:: Work item ::
Only the lines from the start of the data to the line containing "#474=DIRECTION('',(0.,0.,1.));", both included, should be output, exactly and without pictures.

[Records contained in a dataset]
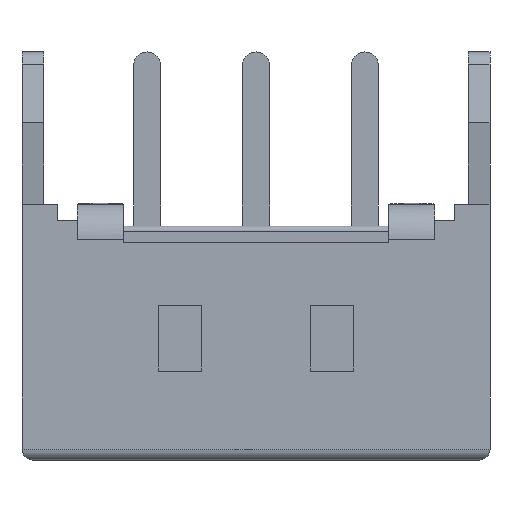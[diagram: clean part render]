
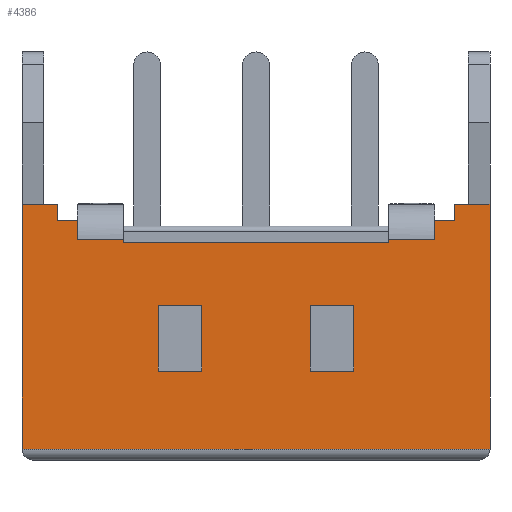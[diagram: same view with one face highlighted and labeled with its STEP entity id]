
A CAD part, front view. The second image highlights one B-rep face of the part: STEP entity #4386.
In plain terms, the highlighted planar face has unit normal (0, -1, 0).
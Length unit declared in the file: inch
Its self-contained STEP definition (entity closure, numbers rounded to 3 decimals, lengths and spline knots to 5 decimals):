
#71=DIRECTION('',(0.,0.,-1.));
#72=VECTOR('',#71,0.17717);
#73=CARTESIAN_POINT('',(-0.16929,-0.08661,0.));
#74=LINE('',#73,#72);
#372=DIRECTION('',(0.,0.,-1.));
#373=VECTOR('',#372,0.17717);
#374=CARTESIAN_POINT('',(0.16929,-0.08661,0.));
#375=LINE('',#374,#373);
#454=DIRECTION('',(0.,0.,1.));
#455=VECTOR('',#454,0.0095);
#456=CARTESIAN_POINT('',(-0.12945,-0.08661,
-0.02569));
#457=LINE('',#456,#455);
#458=DIRECTION('',(0.,0.,-1.));
#459=VECTOR('',#458,0.00231);
#460=CARTESIAN_POINT('',(-0.09598,-0.08661,
-0.02569));
#461=LINE('',#460,#459);
#462=DIRECTION('',(1.,0.,0.));
#463=VECTOR('',#462,0.19197);
#464=CARTESIAN_POINT('',(-0.09598,-0.08661,
-0.02799));
#465=LINE('',#464,#463);
#466=DIRECTION('',(0.,0.,1.));
#467=VECTOR('',#466,0.00231);
#468=CARTESIAN_POINT('',(0.09598,-0.08661,
-0.02799));
#469=LINE('',#468,#467);
#470=DIRECTION('',(0.,0.,1.));
#471=VECTOR('',#470,0.0095);
#472=CARTESIAN_POINT('',(0.12945,-0.08661,
-0.02569));
#473=LINE('',#472,#471);
#474=DIRECTION('',(0.,0.,1.));
#475=VECTOR('',#474,0.00437);
#476=CARTESIAN_POINT('',(0.12945,-0.08661,
-0.01618));
#477=LINE('',#476,#475);
#478=DIRECTION('',(1.,0.,0.));
#479=VECTOR('',#478,0.01449);
#480=CARTESIAN_POINT('',(0.12945,-0.08661,
-0.01181));
#481=LINE('',#480,#479);
#482=DIRECTION('',(0.,0.,-1.));
#483=VECTOR('',#482,0.01181);
#484=CARTESIAN_POINT('',(0.14394,-0.08661,0.));
#485=LINE('',#484,#483);
#486=DIRECTION('',(1.,0.,0.));
#487=VECTOR('',#486,0.02535);
#488=CARTESIAN_POINT('',(0.14394,-0.08661,0.));
#489=LINE('',#488,#487);
#490=DIRECTION('',(-1.,0.,0.));
#491=VECTOR('',#490,0.33858);
#492=CARTESIAN_POINT('',(0.16929,-0.08661,
-0.17717));
#493=LINE('',#492,#491);
#494=DIRECTION('',(1.,0.,0.));
#495=VECTOR('',#494,0.02535);
#496=CARTESIAN_POINT('',(-0.16929,-0.08661,0.));
#497=LINE('',#496,#495);
#498=DIRECTION('',(0.,0.,-1.));
#499=VECTOR('',#498,0.01181);
#500=CARTESIAN_POINT('',(-0.14394,-0.08661,0.));
#501=LINE('',#500,#499);
#502=DIRECTION('',(1.,0.,0.));
#503=VECTOR('',#502,0.01449);
#504=CARTESIAN_POINT('',(-0.14394,-0.08661,
-0.01181));
#505=LINE('',#504,#503);
#506=DIRECTION('',(0.,0.,-1.));
#507=VECTOR('',#506,0.00437);
#508=CARTESIAN_POINT('',(-0.12945,-0.08661,
-0.01181));
#509=LINE('',#508,#507);
#510=DIRECTION('',(0.,0.,1.));
#511=VECTOR('',#510,0.04724);
#512=CARTESIAN_POINT('',(0.07087,-0.08661,
-0.12061));
#513=LINE('',#512,#511);
#514=DIRECTION('',(-1.,0.,0.));
#515=VECTOR('',#514,0.0315);
#516=CARTESIAN_POINT('',(0.07087,-0.08661,
-0.07337));
#517=LINE('',#516,#515);
#518=DIRECTION('',(0.,0.,-1.));
#519=VECTOR('',#518,0.04724);
#520=CARTESIAN_POINT('',(0.03937,-0.08661,
-0.07337));
#521=LINE('',#520,#519);
#522=DIRECTION('',(1.,0.,0.));
#523=VECTOR('',#522,0.0315);
#524=CARTESIAN_POINT('',(0.03937,-0.08661,
-0.12061));
#525=LINE('',#524,#523);
#526=DIRECTION('',(1.,0.,0.));
#527=VECTOR('',#526,0.0315);
#528=CARTESIAN_POINT('',(-0.07087,-0.08661,
-0.12061));
#529=LINE('',#528,#527);
#530=DIRECTION('',(0.,0.,1.));
#531=VECTOR('',#530,0.04724);
#532=CARTESIAN_POINT('',(-0.03937,-0.08661,
-0.12061));
#533=LINE('',#532,#531);
#534=DIRECTION('',(-1.,0.,0.));
#535=VECTOR('',#534,0.0315);
#536=CARTESIAN_POINT('',(-0.03937,-0.08661,
-0.07337));
#537=LINE('',#536,#535);
#538=DIRECTION('',(0.,0.,-1.));
#539=VECTOR('',#538,0.04724);
#540=CARTESIAN_POINT('',(-0.07087,-0.08661,
-0.07337));
#541=LINE('',#540,#539);
#570=DIRECTION('',(1.,0.,0.));
#571=VECTOR('',#570,0.03346);
#572=CARTESIAN_POINT('',(-0.12945,-0.08661,
-0.02569));
#573=LINE('',#572,#571);
#1629=DIRECTION('',(1.,0.,0.));
#1630=VECTOR('',#1629,0.03346);
#1631=CARTESIAN_POINT('',(0.09598,-0.08661,
-0.02569));
#1632=LINE('',#1631,#1630);
#3008=CARTESIAN_POINT('',(-0.16929,-0.08661,0.));
#3009=VERTEX_POINT('',#3008);
#3010=CARTESIAN_POINT('',(0.16929,-0.08661,0.));
#3011=VERTEX_POINT('',#3010);
#3024=CARTESIAN_POINT('',(-0.09598,-0.08661,
-0.02799));
#3025=CARTESIAN_POINT('',(0.09598,-0.08661,
-0.02799));
#3026=VERTEX_POINT('',#3024);
#3027=VERTEX_POINT('',#3025);
#3032=CARTESIAN_POINT('',(-0.14394,-0.08661,0.));
#3033=VERTEX_POINT('',#3032);
#3034=CARTESIAN_POINT('',(0.14394,-0.08661,0.));
#3035=VERTEX_POINT('',#3034);
#3166=CARTESIAN_POINT('',(0.09598,-0.08661,
-0.02569));
#3167=VERTEX_POINT('',#3166);
#3168=CARTESIAN_POINT('',(0.12945,-0.08661,
-0.02569));
#3169=VERTEX_POINT('',#3168);
#3184=CARTESIAN_POINT('',(-0.12945,-0.08661,
-0.02569));
#3185=CARTESIAN_POINT('',(-0.09598,-0.08661,
-0.02569));
#3186=VERTEX_POINT('',#3184);
#3187=VERTEX_POINT('',#3185);
#3200=CARTESIAN_POINT('',(-0.16929,-0.08661,
-0.17717));
#3201=VERTEX_POINT('',#3200);
#3204=CARTESIAN_POINT('',(0.16929,-0.08661,
-0.17717));
#3205=VERTEX_POINT('',#3204);
#3210=CARTESIAN_POINT('',(0.14394,-0.08661,
-0.01181));
#3211=VERTEX_POINT('',#3210);
#3218=CARTESIAN_POINT('',(-0.14394,-0.08661,
-0.01181));
#3219=VERTEX_POINT('',#3218);
#3232=CARTESIAN_POINT('',(-0.12945,-0.08661,
-0.01181));
#3233=VERTEX_POINT('',#3232);
#3234=CARTESIAN_POINT('',(-0.12945,-0.08661,
-0.01618));
#3235=VERTEX_POINT('',#3234);
#3236=CARTESIAN_POINT('',(0.12945,-0.08661,
-0.01618));
#3237=CARTESIAN_POINT('',(0.12945,-0.08661,
-0.01181));
#3238=VERTEX_POINT('',#3236);
#3239=VERTEX_POINT('',#3237);
#3256=CARTESIAN_POINT('',(0.07087,-0.08661,
-0.12061));
#3257=CARTESIAN_POINT('',(0.07087,-0.08661,
-0.07337));
#3258=VERTEX_POINT('',#3256);
#3259=VERTEX_POINT('',#3257);
#3260=CARTESIAN_POINT('',(0.03937,-0.08661,
-0.07337));
#3261=VERTEX_POINT('',#3260);
#3262=CARTESIAN_POINT('',(0.03937,-0.08661,
-0.12061));
#3263=VERTEX_POINT('',#3262);
#3264=CARTESIAN_POINT('',(-0.07087,-0.08661,
-0.12061));
#3265=CARTESIAN_POINT('',(-0.03937,-0.08661,
-0.12061));
#3266=VERTEX_POINT('',#3264);
#3267=VERTEX_POINT('',#3265);
#3268=CARTESIAN_POINT('',(-0.03937,-0.08661,
-0.07337));
#3269=VERTEX_POINT('',#3268);
#3270=CARTESIAN_POINT('',(-0.07087,-0.08661,
-0.07337));
#3271=VERTEX_POINT('',#3270);
#4327=CARTESIAN_POINT('',(-0.16929,-0.08661,0.));
#4328=DIRECTION('',(0.,-1.,0.));
#4329=DIRECTION('',(0.,0.,-1.));
#4330=AXIS2_PLACEMENT_3D('',#4327,#4328,#4329);
#4331=PLANE('',#4330);
#4333=ORIENTED_EDGE('',*,*,#4332,.F.);
#4335=ORIENTED_EDGE('',*,*,#4334,.T.);
#4337=ORIENTED_EDGE('',*,*,#4336,.T.);
#4339=ORIENTED_EDGE('',*,*,#4338,.T.);
#4341=ORIENTED_EDGE('',*,*,#4340,.T.);
#4343=ORIENTED_EDGE('',*,*,#4342,.T.);
#4345=ORIENTED_EDGE('',*,*,#4344,.T.);
#4347=ORIENTED_EDGE('',*,*,#4346,.T.);
#4349=ORIENTED_EDGE('',*,*,#4348,.T.);
#4350=ORIENTED_EDGE('',*,*,#4317,.F.);
#4351=ORIENTED_EDGE('',*,*,#4307,.T.);
#4352=ORIENTED_EDGE('',*,*,#4149,.T.);
#4354=ORIENTED_EDGE('',*,*,#4353,.T.);
#4355=ORIENTED_EDGE('',*,*,#3747,.F.);
#4357=ORIENTED_EDGE('',*,*,#4356,.T.);
#4359=ORIENTED_EDGE('',*,*,#4358,.T.);
#4361=ORIENTED_EDGE('',*,*,#4360,.T.);
#4363=ORIENTED_EDGE('',*,*,#4362,.T.);
#4364=EDGE_LOOP('',(#4333,#4335,#4337,#4339,#4341,#4343,#4345,#4347,#4349,#4350,
#4351,#4352,#4354,#4355,#4357,#4359,#4361,#4363));
#4365=FACE_OUTER_BOUND('',#4364,.F.);
#4367=ORIENTED_EDGE('',*,*,#4366,.T.);
#4369=ORIENTED_EDGE('',*,*,#4368,.T.);
#4371=ORIENTED_EDGE('',*,*,#4370,.T.);
#4373=ORIENTED_EDGE('',*,*,#4372,.T.);
#4374=EDGE_LOOP('',(#4367,#4369,#4371,#4373));
#4375=FACE_BOUND('',#4374,.F.);
#4377=ORIENTED_EDGE('',*,*,#4376,.T.);
#4379=ORIENTED_EDGE('',*,*,#4378,.T.);
#4381=ORIENTED_EDGE('',*,*,#4380,.T.);
#4383=ORIENTED_EDGE('',*,*,#4382,.T.);
#4384=EDGE_LOOP('',(#4377,#4379,#4381,#4383));
#4385=FACE_BOUND('',#4384,.F.);
#3747=EDGE_CURVE('',#3009,#3201,#74,.T.);
#4149=EDGE_CURVE('',#3011,#3205,#375,.T.);
#4307=EDGE_CURVE('',#3035,#3011,#489,.T.);
#4317=EDGE_CURVE('',#3035,#3211,#485,.T.);
#4332=EDGE_CURVE('',#3186,#3235,#457,.T.);
#4334=EDGE_CURVE('',#3186,#3187,#573,.T.);
#4336=EDGE_CURVE('',#3187,#3026,#461,.T.);
#4338=EDGE_CURVE('',#3026,#3027,#465,.T.);
#4340=EDGE_CURVE('',#3027,#3167,#469,.T.);
#4342=EDGE_CURVE('',#3167,#3169,#1632,.T.);
#4344=EDGE_CURVE('',#3169,#3238,#473,.T.);
#4346=EDGE_CURVE('',#3238,#3239,#477,.T.);
#4348=EDGE_CURVE('',#3239,#3211,#481,.T.);
#4353=EDGE_CURVE('',#3205,#3201,#493,.T.);
#4356=EDGE_CURVE('',#3009,#3033,#497,.T.);
#4358=EDGE_CURVE('',#3033,#3219,#501,.T.);
#4360=EDGE_CURVE('',#3219,#3233,#505,.T.);
#4362=EDGE_CURVE('',#3233,#3235,#509,.T.);
#4366=EDGE_CURVE('',#3258,#3259,#513,.T.);
#4368=EDGE_CURVE('',#3259,#3261,#517,.T.);
#4370=EDGE_CURVE('',#3261,#3263,#521,.T.);
#4372=EDGE_CURVE('',#3263,#3258,#525,.T.);
#4376=EDGE_CURVE('',#3266,#3267,#529,.T.);
#4378=EDGE_CURVE('',#3267,#3269,#533,.T.);
#4380=EDGE_CURVE('',#3269,#3271,#537,.T.);
#4382=EDGE_CURVE('',#3271,#3266,#541,.T.);
#4386=ADVANCED_FACE('',(#4365,#4375,#4385),#4331,.T.);

:: Result for this exercise ::
[diagram: clean part render]
[diagram: same view with one face highlighted and labeled with its STEP entity id]
A CAD part, front view. The second image highlights one B-rep face of the part: STEP entity #4386.
In plain terms, the highlighted planar face has unit normal (0, -1, 0).
Length unit declared in the file: inch
Its self-contained STEP definition (entity closure, numbers rounded to 3 decimals, lengths and spline knots to 5 decimals):
#71=DIRECTION('',(0.,0.,-1.));
#72=VECTOR('',#71,0.17717);
#73=CARTESIAN_POINT('',(-0.16929,-0.08661,0.));
#74=LINE('',#73,#72);
#372=DIRECTION('',(0.,0.,-1.));
#373=VECTOR('',#372,0.17717);
#374=CARTESIAN_POINT('',(0.16929,-0.08661,0.));
#375=LINE('',#374,#373);
#454=DIRECTION('',(0.,0.,1.));
#455=VECTOR('',#454,0.0095);
#456=CARTESIAN_POINT('',(-0.12945,-0.08661,
-0.02569));
#457=LINE('',#456,#455);
#458=DIRECTION('',(0.,0.,-1.));
#459=VECTOR('',#458,0.00231);
#460=CARTESIAN_POINT('',(-0.09598,-0.08661,
-0.02569));
#461=LINE('',#460,#459);
#462=DIRECTION('',(1.,0.,0.));
#463=VECTOR('',#462,0.19197);
#464=CARTESIAN_POINT('',(-0.09598,-0.08661,
-0.02799));
#465=LINE('',#464,#463);
#466=DIRECTION('',(0.,0.,1.));
#467=VECTOR('',#466,0.00231);
#468=CARTESIAN_POINT('',(0.09598,-0.08661,
-0.02799));
#469=LINE('',#468,#467);
#470=DIRECTION('',(0.,0.,1.));
#471=VECTOR('',#470,0.0095);
#472=CARTESIAN_POINT('',(0.12945,-0.08661,
-0.02569));
#473=LINE('',#472,#471);
#474=DIRECTION('',(0.,0.,1.));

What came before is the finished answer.